The second chapter of this dissertation is a published research article describing the reduction of perchlorate in microbial communities for the first time by using bioinformatics techniques to obtain genomes from metagenomes. Instead of being dominated by the specific bacteria known to respire perchlorate, perchlorate-reducing communities contain diverse organisms that interact via the chemical intermediates of dissimilatory perchlorate reduction.

The third chapter of this dissertation is a published research article investigating the mechanism of one such interaction between perchlorate-reducing bacteria and chlorate-reducing bacteria. A combination of genomics, strain isolation, genetics, metabolite measurements, and theoretical modeling are used to learn that these two metabolisms, which have been studied separately for several decades, have a conserved interaction due to the accumulation of chlorate by perchlorate-reducing bacteria.

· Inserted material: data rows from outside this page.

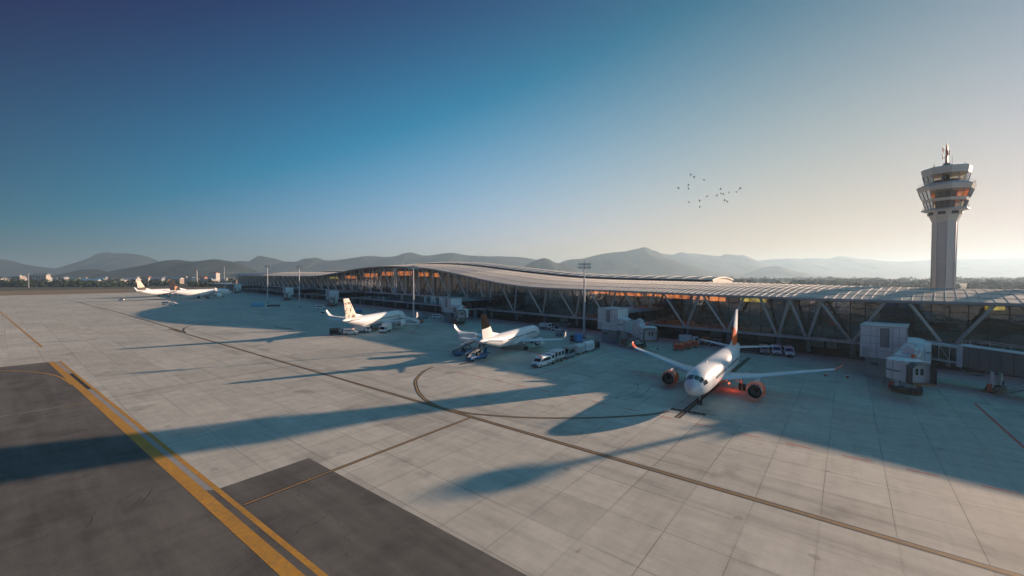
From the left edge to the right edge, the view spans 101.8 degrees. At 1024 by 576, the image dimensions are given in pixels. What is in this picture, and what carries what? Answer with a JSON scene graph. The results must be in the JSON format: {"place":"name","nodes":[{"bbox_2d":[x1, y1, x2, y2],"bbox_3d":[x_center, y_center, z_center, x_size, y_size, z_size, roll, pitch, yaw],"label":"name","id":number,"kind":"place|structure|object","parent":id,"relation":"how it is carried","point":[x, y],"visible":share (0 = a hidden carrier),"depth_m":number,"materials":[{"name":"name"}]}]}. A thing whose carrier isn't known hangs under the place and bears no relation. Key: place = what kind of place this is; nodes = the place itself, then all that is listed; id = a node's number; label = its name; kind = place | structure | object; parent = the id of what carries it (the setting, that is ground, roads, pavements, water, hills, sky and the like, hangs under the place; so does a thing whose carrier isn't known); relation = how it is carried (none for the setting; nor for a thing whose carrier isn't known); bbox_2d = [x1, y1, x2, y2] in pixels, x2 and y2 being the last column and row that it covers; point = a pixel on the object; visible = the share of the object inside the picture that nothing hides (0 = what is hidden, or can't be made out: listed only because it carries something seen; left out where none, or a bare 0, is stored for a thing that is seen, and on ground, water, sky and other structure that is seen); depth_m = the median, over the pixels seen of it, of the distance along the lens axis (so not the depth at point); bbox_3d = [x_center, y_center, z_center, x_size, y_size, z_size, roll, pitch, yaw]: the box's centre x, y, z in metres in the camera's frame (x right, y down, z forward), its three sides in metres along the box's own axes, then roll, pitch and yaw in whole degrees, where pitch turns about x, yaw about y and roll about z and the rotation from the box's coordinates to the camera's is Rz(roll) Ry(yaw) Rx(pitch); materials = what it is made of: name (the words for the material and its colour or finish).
{"place":"outdoors","nodes":[
{"label":"outdoors","id":0,"kind":"place"},
{"bbox_2d":[0,259,71,277],"bbox_3d":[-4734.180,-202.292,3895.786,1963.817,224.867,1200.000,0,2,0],"label":"hill","id":1,"kind":"structure","parent":0,"point":[8,268],"depth_m":3789.59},
{"bbox_2d":[51,269,104,277],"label":"hill","id":2,"kind":"structure","parent":0,"point":[76,273],"depth_m":2108.96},
{"bbox_2d":[54,252,159,271],"bbox_3d":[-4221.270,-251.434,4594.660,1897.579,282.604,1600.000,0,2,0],"label":"hill","id":3,"kind":"structure","parent":0,"point":[107,262],"depth_m":4370.94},
{"bbox_2d":[0,287,214,295],"bbox_3d":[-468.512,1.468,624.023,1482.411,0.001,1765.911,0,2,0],"label":"grass field","id":4,"kind":"structure","parent":0,"point":[48,292],"depth_m":522.51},
{"bbox_2d":[0,362,279,575],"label":"asphalt taxiway","id":5,"kind":"structure","parent":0,"point":[69,471],"depth_m":35.48,"materials":[{"name":"grey asphalt"}]},
{"bbox_2d":[0,370,72,384],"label":"yellow line","id":6,"kind":"object","parent":5,"relation":"on","point":[46,373],"visible":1,"depth_m":81.08,"materials":[{"name":"paint"}]},
{"bbox_2d":[73,259,261,278],"bbox_3d":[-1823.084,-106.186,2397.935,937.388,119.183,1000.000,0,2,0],"label":"hill","id":7,"kind":"structure","parent":0,"point":[170,268],"depth_m":2209.24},
{"bbox_2d":[220,458,526,575],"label":"asphalt shoulder","id":8,"kind":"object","parent":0,"point":[333,524],"visible":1,"depth_m":31.84},
{"bbox_2d":[206,490,317,575],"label":"asphalt strip paving","id":9,"kind":"structure","parent":8,"relation":"on","point":[279,548],"depth_m":30.98,"materials":[{"name":"grey asphalt"}]},
{"bbox_2d":[235,252,534,271],"bbox_3d":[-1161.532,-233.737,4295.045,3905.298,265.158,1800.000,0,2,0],"label":"hill","id":10,"kind":"structure","parent":0,"point":[258,263],"depth_m":4105.02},
{"bbox_2d":[481,343,490,353],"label":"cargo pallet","id":11,"kind":"object","parent":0,"point":[485,349],"visible":0.34,"depth_m":104.76,"materials":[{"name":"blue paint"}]},
{"bbox_2d":[0,290,1023,575],"bbox_3d":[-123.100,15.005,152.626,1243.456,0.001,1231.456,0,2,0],"label":"apron","id":12,"kind":"object","parent":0,"point":[526,504],"visible":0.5,"depth_m":50.94,"materials":[{"name":"concrete"}]},
{"bbox_2d":[0,312,42,346],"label":"yellow line","id":13,"kind":"object","parent":12,"relation":"on","point":[40,345],"visible":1,"depth_m":144.10,"materials":[{"name":"paint"}]},
{"bbox_2d":[56,361,212,489],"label":"grey strip paving","id":14,"kind":"structure","parent":12,"relation":"on","point":[187,471],"depth_m":48.47,"materials":[{"name":"grey concrete"}]},
{"bbox_2d":[70,373,90,388],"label":"black patch","id":15,"kind":"object","parent":14,"relation":"on","point":[75,377],"visible":1,"depth_m":76.49,"materials":[{"name":"paint"}]},
{"bbox_2d":[132,281,181,296],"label":"airliner","id":16,"kind":"object","parent":12,"relation":"on","point":[143,289],"visible":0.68,"depth_m":376.07,"materials":[{"name":"white paint"}]},
{"bbox_2d":[48,362,304,575],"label":"yellow edge line","id":17,"kind":"object","parent":12,"relation":"on","point":[271,557],"visible":1,"depth_m":36.59,"materials":[{"name":"paint"}]},
{"bbox_2d":[59,361,327,575],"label":"yellow edge line","id":18,"kind":"object","parent":12,"relation":"on","point":[310,565],"visible":1,"depth_m":36.43,"materials":[{"name":"paint"}]},
{"bbox_2d":[161,279,230,297],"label":"airliner","id":19,"kind":"object","parent":12,"relation":"on","point":[206,293],"visible":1,"depth_m":352.17,"materials":[{"name":"white paint"}]},
{"bbox_2d":[109,366,289,397],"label":"joint line","id":20,"kind":"object","parent":12,"relation":"on","point":[196,382],"visible":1,"depth_m":75.06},
{"bbox_2d":[212,280,236,289],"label":"annex building","id":21,"kind":"structure","parent":12,"relation":"on","point":[229,286],"depth_m":599.33,"materials":[{"name":"white glass"}]},
{"bbox_2d":[232,284,260,292],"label":"jet bridge","id":22,"kind":"structure","parent":12,"relation":"on","point":[237,288],"depth_m":478.86,"materials":[{"name":"grey metal"}]},
{"bbox_2d":[251,302,263,305],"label":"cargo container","id":23,"kind":"object","parent":12,"relation":"on","point":[257,304],"visible":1,"depth_m":264.45,"materials":[{"name":"blue metal"}]},
{"bbox_2d":[264,265,269,303],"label":"light mast","id":24,"kind":"object","parent":12,"relation":"on","point":[267,283],"visible":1,"depth_m":291.87,"materials":[{"name":"grey metal"}]},
{"bbox_2d":[295,266,301,307],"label":"light mast","id":25,"kind":"object","parent":12,"relation":"on","point":[299,288],"visible":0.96,"depth_m":251.76,"materials":[{"name":"grey metal"}]},
{"bbox_2d":[283,287,317,299],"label":"jet bridge","id":26,"kind":"structure","parent":12,"relation":"on","point":[288,292],"depth_m":344.79,"materials":[{"name":"grey metal"}]},
{"bbox_2d":[316,305,326,308],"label":"service van","id":27,"kind":"object","parent":12,"relation":"on","point":[320,306],"visible":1,"depth_m":245.16,"materials":[{"name":"white paint"}]},
{"bbox_2d":[329,328,341,334],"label":"baggage cart","id":28,"kind":"object","parent":12,"relation":"on","point":[332,331],"visible":1,"depth_m":135.99,"materials":[{"name":"black metal"}]},
{"bbox_2d":[326,290,367,306],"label":"jet bridge","id":29,"kind":"structure","parent":12,"relation":"on","point":[333,297],"depth_m":278.13,"materials":[{"name":"grey metal"}]},
{"bbox_2d":[343,328,358,334],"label":"service van","id":30,"kind":"object","parent":12,"relation":"on","point":[346,331],"visible":1,"depth_m":137.30,"materials":[{"name":"white paint"}]},
{"bbox_2d":[243,417,469,505],"bbox_3d":[-14.119,18.061,46.266,0.520,0.001,27.917,1,2,38],"label":"taxi line border","id":31,"kind":"object","parent":12,"relation":"on","point":[348,465],"visible":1,"depth_m":42.36,"materials":[{"name":"black paint"}]},
{"bbox_2d":[244,417,471,504],"bbox_3d":[-14.119,18.058,46.265,0.220,0.001,27.917,1,2,38],"label":"taxi line","id":32,"kind":"object","parent":31,"relation":"on","point":[349,464],"visible":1,"depth_m":42.57,"materials":[{"name":"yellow paint"}]},
{"bbox_2d":[353,326,371,332],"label":"box truck","id":33,"kind":"object","parent":12,"relation":"on","point":[367,329],"visible":0.77,"depth_m":141.25,"materials":[{"name":"white paint"}]},
{"bbox_2d":[326,298,417,326],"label":"airliner","id":34,"kind":"object","parent":12,"relation":"on","point":[371,320],"visible":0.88,"depth_m":145.17,"materials":[{"name":"white paint"}]},
{"bbox_2d":[379,322,391,332],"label":"box truck","id":35,"kind":"object","parent":12,"relation":"on","point":[385,327],"visible":1,"depth_m":142.29,"materials":[{"name":"white paint"}]},
{"bbox_2d":[400,315,419,325],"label":"loader","id":36,"kind":"object","parent":12,"relation":"on","point":[417,321],"visible":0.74,"depth_m":163.36,"materials":[{"name":"white paint"}]},
{"bbox_2d":[408,265,417,322],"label":"light mast","id":37,"kind":"object","parent":12,"relation":"on","point":[413,268],"visible":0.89,"depth_m":167.56,"materials":[{"name":"grey metal"}]},
{"bbox_2d":[414,310,428,319],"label":"airstairs","id":38,"kind":"object","parent":12,"relation":"on","point":[422,314],"visible":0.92,"depth_m":186.32,"materials":[{"name":"grey metal"}]},
{"bbox_2d":[414,367,452,411],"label":"taxi line border","id":39,"kind":"object","parent":12,"relation":"on","point":[420,392],"visible":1,"depth_m":69.56,"materials":[{"name":"black paint"}]},
{"bbox_2d":[415,367,451,410],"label":"taxi line","id":40,"kind":"object","parent":12,"relation":"on","point":[422,396],"visible":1,"depth_m":68.66,"materials":[{"name":"yellow paint"}]},
{"bbox_2d":[432,314,442,318],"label":"service van","id":41,"kind":"object","parent":12,"relation":"on","point":[434,316],"visible":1,"depth_m":189.42,"materials":[{"name":"white paint"}]},
{"bbox_2d":[451,340,475,355],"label":"belt loader","id":42,"kind":"object","parent":12,"relation":"on","point":[456,351],"visible":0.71,"depth_m":101.90,"materials":[{"name":"blue paint"}]},
{"bbox_2d":[441,297,494,323],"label":"jet bridge","id":43,"kind":"structure","parent":12,"relation":"on","point":[457,308],"depth_m":179.16,"materials":[{"name":"grey metal"}]},
{"bbox_2d":[458,332,480,351],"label":"box truck","id":44,"kind":"object","parent":12,"relation":"on","point":[466,335],"visible":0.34,"depth_m":106.15,"materials":[{"name":"white paint"}]},
{"bbox_2d":[465,343,487,360],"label":"belt loader","id":45,"kind":"object","parent":12,"relation":"on","point":[470,356],"visible":0.96,"depth_m":96.49,"materials":[{"name":"blue paint"}]},
{"bbox_2d":[454,314,565,349],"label":"airliner","id":46,"kind":"object","parent":12,"relation":"on","point":[524,335],"visible":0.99,"depth_m":104.68,"materials":[{"name":"white paint"}]},
{"bbox_2d":[531,354,550,367],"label":"service van","id":47,"kind":"object","parent":12,"relation":"on","point":[540,361],"visible":1,"depth_m":88.74,"materials":[{"name":"white paint"}]},
{"bbox_2d":[539,323,553,329],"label":"box truck","id":48,"kind":"object","parent":12,"relation":"on","point":[545,325],"visible":0.84,"depth_m":150.70,"materials":[{"name":"white paint"}]},
{"bbox_2d":[79,302,1023,575],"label":"taxi line border","id":49,"kind":"object","parent":12,"relation":"on","point":[679,478],"visible":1,"depth_m":37.62,"materials":[{"name":"black paint"}]},
{"bbox_2d":[80,302,1020,575],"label":"taxi line","id":50,"kind":"object","parent":49,"relation":"on","point":[684,478],"visible":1,"depth_m":37.62,"materials":[{"name":"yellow paint"}]},
{"bbox_2d":[544,348,564,363],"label":"bus","id":51,"kind":"object","parent":12,"relation":"on","point":[557,353],"visible":0.74,"depth_m":93.24,"materials":[{"name":"white paint"}]},
{"bbox_2d":[450,409,667,417],"bbox_3d":[6.684,17.707,58.429,31.678,0.001,3.467,0,2,1],"label":"taxi line","id":52,"kind":"object","parent":12,"relation":"on","point":[536,417],"visible":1,"depth_m":57.83,"materials":[{"name":"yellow paint"}]},
{"bbox_2d":[103,308,1016,575],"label":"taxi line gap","id":53,"kind":"object","parent":12,"relation":"on","point":[676,476],"visible":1,"depth_m":37.79,"materials":[{"name":"black paint"}]},
{"bbox_2d":[451,409,669,418],"bbox_3d":[6.684,17.711,58.417,31.871,0.001,3.842,0,2,1],"label":"taxi line border","id":54,"kind":"object","parent":12,"relation":"on","point":[562,417],"visible":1,"depth_m":57.02,"materials":[{"name":"black paint"}]},
{"bbox_2d":[562,346,575,358],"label":"service van","id":55,"kind":"object","parent":12,"relation":"on","point":[570,351],"visible":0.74,"depth_m":97.92,"materials":[{"name":"metal"}]},
{"bbox_2d":[574,334,581,342],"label":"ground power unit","id":56,"kind":"object","parent":12,"relation":"on","point":[577,338],"visible":1,"depth_m":121.51,"materials":[{"name":"blue paint"}]},
{"bbox_2d":[573,343,584,354],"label":"baggage cart","id":57,"kind":"object","parent":12,"relation":"on","point":[579,348],"visible":0.78,"depth_m":102.15,"materials":[{"name":"grey metal"}]},
{"bbox_2d":[578,259,590,338],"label":"light mast","id":58,"kind":"object","parent":12,"relation":"on","point":[584,332],"visible":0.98,"depth_m":128.82,"materials":[{"name":"grey metal"}]},
{"bbox_2d":[582,340,594,352],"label":"baggage cart","id":59,"kind":"object","parent":12,"relation":"on","point":[589,344],"visible":0.73,"depth_m":106.31,"materials":[{"name":"white paint"}]},
{"bbox_2d":[594,340,599,349],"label":"baggage cart","id":60,"kind":"object","parent":12,"relation":"on","point":[597,343],"visible":0.52,"depth_m":109.72,"materials":[{"name":"black metal"}]},
{"bbox_2d":[229,262,1023,365],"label":"airport terminal","id":61,"kind":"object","parent":12,"relation":"on","point":[826,316],"visible":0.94,"depth_m":126.70,"materials":[{"name":"metal"}]},
{"bbox_2d":[560,317,567,321],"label":"roller door","id":62,"kind":"structure","parent":61,"relation":"in","point":[561,318],"depth_m":176.75,"materials":[{"name":"grey metal"}]},
{"bbox_2d":[675,328,683,333],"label":"roller door","id":63,"kind":"structure","parent":61,"relation":"in","point":[677,330],"depth_m":141.20,"materials":[{"name":"grey metal"}]},
{"bbox_2d":[710,331,720,336],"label":"roller door","id":64,"kind":"structure","parent":61,"relation":"in","point":[712,333],"depth_m":132.87,"materials":[{"name":"grey metal"}]},
{"bbox_2d":[757,335,774,342],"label":"roller door","id":65,"kind":"structure","parent":61,"relation":"in","point":[759,338],"depth_m":122.58,"materials":[{"name":"grey metal"}]},
{"bbox_2d":[811,340,823,346],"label":"roller door","id":66,"kind":"structure","parent":61,"relation":"in","point":[814,343],"depth_m":113.77,"materials":[{"name":"grey metal"}]},
{"bbox_2d":[826,341,836,348],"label":"roller door","id":67,"kind":"structure","parent":61,"relation":"in","point":[828,344],"depth_m":111.56,"materials":[{"name":"grey metal"}]},
{"bbox_2d":[598,305,657,347],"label":"jet bridge","id":68,"kind":"structure","parent":12,"relation":"on","point":[616,325],"depth_m":119.43,"materials":[{"name":"grey metal"}]},
{"bbox_2d":[673,343,686,350],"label":"baggage cart","id":69,"kind":"object","parent":12,"relation":"on","point":[678,346],"visible":1,"depth_m":107.18,"materials":[{"name":"orange paint"}]},
{"bbox_2d":[680,342,692,349],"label":"baggage cart","id":70,"kind":"object","parent":12,"relation":"on","point":[687,345],"visible":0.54,"depth_m":109.56,"materials":[{"name":"orange paint"}]},
{"bbox_2d":[670,408,705,415],"bbox_3d":[25.151,17.676,59.482,4.653,0.001,0.950,1,2,34],"label":"stop bar","id":71,"kind":"object","parent":12,"relation":"on","point":[704,414],"visible":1,"depth_m":59.54,"materials":[{"name":"black paint"}]},
{"bbox_2d":[679,334,699,343],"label":"box truck","id":72,"kind":"object","parent":12,"relation":"on","point":[684,338],"visible":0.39,"depth_m":117.35,"materials":[{"name":"white paint"}]},
{"bbox_2d":[688,340,698,347],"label":"baggage cart","id":73,"kind":"object","parent":12,"relation":"on","point":[694,343],"visible":0.64,"depth_m":111.93,"materials":[{"name":"orange paint"}]},
{"bbox_2d":[700,337,710,344],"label":"service van","id":74,"kind":"object","parent":12,"relation":"on","point":[705,342],"visible":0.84,"depth_m":117.05,"materials":[{"name":"metal"}]},
{"bbox_2d":[675,357,750,418],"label":"lead in line border","id":75,"kind":"object","parent":12,"relation":"on","point":[703,397],"visible":0.68,"depth_m":66.42,"materials":[{"name":"black paint"}]},
{"bbox_2d":[677,358,748,417],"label":"lead in line","id":76,"kind":"object","parent":75,"relation":"on","point":[707,392],"visible":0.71,"depth_m":66.96,"materials":[{"name":"yellow paint"}]},
{"bbox_2d":[710,338,721,346],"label":"service van","id":77,"kind":"object","parent":12,"relation":"on","point":[719,340],"visible":0.63,"depth_m":115.15,"materials":[{"name":"grey metal"}]},
{"bbox_2d":[450,370,1019,493],"bbox_3d":[20.099,17.722,58.036,85.804,0.001,0.200,1,2,40],"label":"clearance line","id":78,"kind":"object","parent":12,"relation":"on","point":[786,443],"depth_m":48.03,"materials":[{"name":"paint"}]},
{"bbox_2d":[632,309,843,404],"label":"airliner","id":79,"kind":"object","parent":12,"relation":"on","point":[707,374],"visible":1,"depth_m":67.62,"materials":[{"name":"white paint"}]},
{"bbox_2d":[739,345,759,353],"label":"baggage cart","id":80,"kind":"object","parent":12,"relation":"on","point":[756,350],"visible":0.82,"depth_m":104.73,"materials":[{"name":"black metal"}]},
{"bbox_2d":[739,359,787,424],"bbox_3d":[47.060,17.214,75.649,0.200,0.001,55.064,1,2,39],"label":"white line","id":81,"kind":"object","parent":12,"relation":"on","point":[758,399],"visible":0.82,"depth_m":63.78,"materials":[{"name":"paint"}]},
{"bbox_2d":[759,344,769,354],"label":"service van","id":82,"kind":"object","parent":12,"relation":"on","point":[764,350],"visible":0.89,"depth_m":102.82,"materials":[{"name":"paint"}]},
{"bbox_2d":[770,344,781,355],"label":"service van","id":83,"kind":"object","parent":12,"relation":"on","point":[776,350],"visible":0.98,"depth_m":101.64,"materials":[{"name":"white paint"}]},
{"bbox_2d":[782,345,794,356],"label":"service van","id":84,"kind":"object","parent":12,"relation":"on","point":[787,350],"visible":1,"depth_m":99.93,"materials":[{"name":"white paint"}]},
{"bbox_2d":[860,318,937,394],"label":"jet bridge","id":85,"kind":"structure","parent":12,"relation":"on","point":[889,350],"depth_m":74.59,"materials":[{"name":"grey metal"}]},
{"bbox_2d":[908,337,1023,396],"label":"jet bridge","id":86,"kind":"structure","parent":12,"relation":"on","point":[1000,362],"depth_m":69.67,"materials":[{"name":"grey metal"}]},
{"bbox_2d":[974,403,1023,447],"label":"red line","id":87,"kind":"object","parent":12,"relation":"on","point":[1005,430],"visible":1,"depth_m":53.44,"materials":[{"name":"paint"}]},
{"bbox_2d":[0,278,1023,290],"bbox_3d":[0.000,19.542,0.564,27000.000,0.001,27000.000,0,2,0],"label":"ground","id":88,"kind":"structure","parent":0,"point":[963,285],"depth_m":707.53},
{"bbox_2d":[10,275,25,280],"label":"town building","id":89,"kind":"structure","parent":88,"relation":"on","point":[19,277],"depth_m":1073.86,"materials":[{"name":"white concrete"}]},
{"bbox_2d":[32,273,50,281],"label":"town building","id":90,"kind":"structure","parent":88,"relation":"on","point":[38,276],"depth_m":1014.41,"materials":[{"name":"white concrete"}]},
{"bbox_2d":[81,279,100,280],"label":"town building","id":91,"kind":"structure","parent":88,"relation":"on","point":[91,279],"depth_m":975.39,"materials":[{"name":"white concrete"}]},
{"bbox_2d":[0,279,232,286],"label":"treeline","id":92,"kind":"object","parent":88,"relation":"on","point":[46,283],"visible":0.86,"depth_m":750.74,"materials":[{"name":"green plant"}]},
{"bbox_2d":[121,278,140,281],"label":"town building","id":93,"kind":"structure","parent":88,"relation":"on","point":[137,279],"depth_m":995.70,"materials":[{"name":"white concrete"}]},
{"bbox_2d":[150,277,164,281],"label":"town building","id":94,"kind":"structure","parent":88,"relation":"on","point":[158,278],"depth_m":974.81,"materials":[{"name":"white concrete"}]},
{"bbox_2d":[170,277,183,283],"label":"town building","id":95,"kind":"structure","parent":88,"relation":"on","point":[180,280],"depth_m":1046.55,"materials":[{"name":"white concrete"}]},
{"bbox_2d":[184,277,199,282],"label":"town building","id":96,"kind":"structure","parent":88,"relation":"on","point":[191,279],"depth_m":1136.24,"materials":[{"name":"white concrete"}]},
{"bbox_2d":[200,278,215,281],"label":"town building","id":97,"kind":"structure","parent":88,"relation":"on","point":[201,280],"depth_m":1013.03,"materials":[{"name":"white concrete"}]},
{"bbox_2d":[209,272,219,281],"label":"town building","id":98,"kind":"structure","parent":88,"relation":"on","point":[215,275],"depth_m":1141.81,"materials":[{"name":"white concrete"}]},
{"bbox_2d":[5,276,1023,288],"bbox_3d":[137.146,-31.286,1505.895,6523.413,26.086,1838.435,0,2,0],"label":"woodland","id":99,"kind":"object","parent":88,"relation":"on","point":[996,283],"visible":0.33,"depth_m":882.19,"materials":[{"name":"green plant"}]},
{"bbox_2d":[0,0,1023,267],"label":"sky","id":100,"kind":"structure","parent":0,"point":[558,131],"materials":[{"name":"blue"}]},
{"bbox_2d":[524,258,583,272],"bbox_3d":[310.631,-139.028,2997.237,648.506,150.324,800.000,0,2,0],"label":"hill","id":101,"kind":"structure","parent":0,"point":[545,263],"depth_m":2916.00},
{"bbox_2d":[551,323,570,331],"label":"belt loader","id":102,"kind":"object","parent":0,"point":[558,329],"visible":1,"depth_m":145.52,"materials":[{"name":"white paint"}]},
{"bbox_2d":[241,290,1023,377],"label":"service road","id":103,"kind":"structure","parent":0,"point":[833,352],"depth_m":131.25,"materials":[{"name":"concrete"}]},
{"bbox_2d":[559,247,757,278],"bbox_3d":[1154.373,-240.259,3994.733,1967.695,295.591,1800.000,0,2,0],"label":"hill","id":104,"kind":"structure","parent":0,"point":[644,261],"depth_m":3578.96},
{"bbox_2d":[663,252,862,277],"bbox_3d":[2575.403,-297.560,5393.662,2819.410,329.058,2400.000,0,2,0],"label":"hill","id":105,"kind":"structure","parent":0,"point":[737,264],"depth_m":5004.88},
{"bbox_2d":[719,266,840,277],"bbox_3d":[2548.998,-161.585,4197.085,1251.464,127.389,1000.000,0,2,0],"label":"hill","id":106,"kind":"structure","parent":0,"point":[776,272],"depth_m":4006.44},
{"bbox_2d":[759,256,1023,277],"bbox_3d":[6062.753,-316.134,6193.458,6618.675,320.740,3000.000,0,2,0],"label":"hill","id":107,"kind":"structure","parent":0,"point":[843,266],"depth_m":5541.39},
{"bbox_2d":[916,144,976,287],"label":"control tower","id":108,"kind":"structure","parent":0,"point":[942,196],"depth_m":129.66,"materials":[{"name":"white concrete"}]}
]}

The fourth chapter of this dissertation is a brief report characterizing a possible perchlorate reductase or chlorate reductase first identified in perchlorate-reducing communities. An organism with this reductase, which is always found in genomes adjacent to the chlorite-degrading enzyme chlorite dismutase (Cld), is capable of chlorate reduction but not perchlorate reduction, indicating the enzyme is a chlorate reductase.

The fifth chapter of this dissertation extends the above comparative genomics analysis to identify any gene or organism linked to the enzyme Cld. Because Cld is biomarker for chlorite and other chlorine oxyanions, this approach was able to expand the environments, organisms, and processes known to participate in oxidized chlorine biology beyond the organisms and genes described above. Specifically, more was learned about the reduction of perchlorate and chlorate in the environment; the potential oxidation of chloride beyond hypochlorous acid by chemical or biological activity; and the connection between chlorite and reactive chlorine stress response.

Together, this research has answered important questions about the reduction of chlorine while opening new questions about the oxidation of chlorine and the role of oxidized chlorine species in the environment.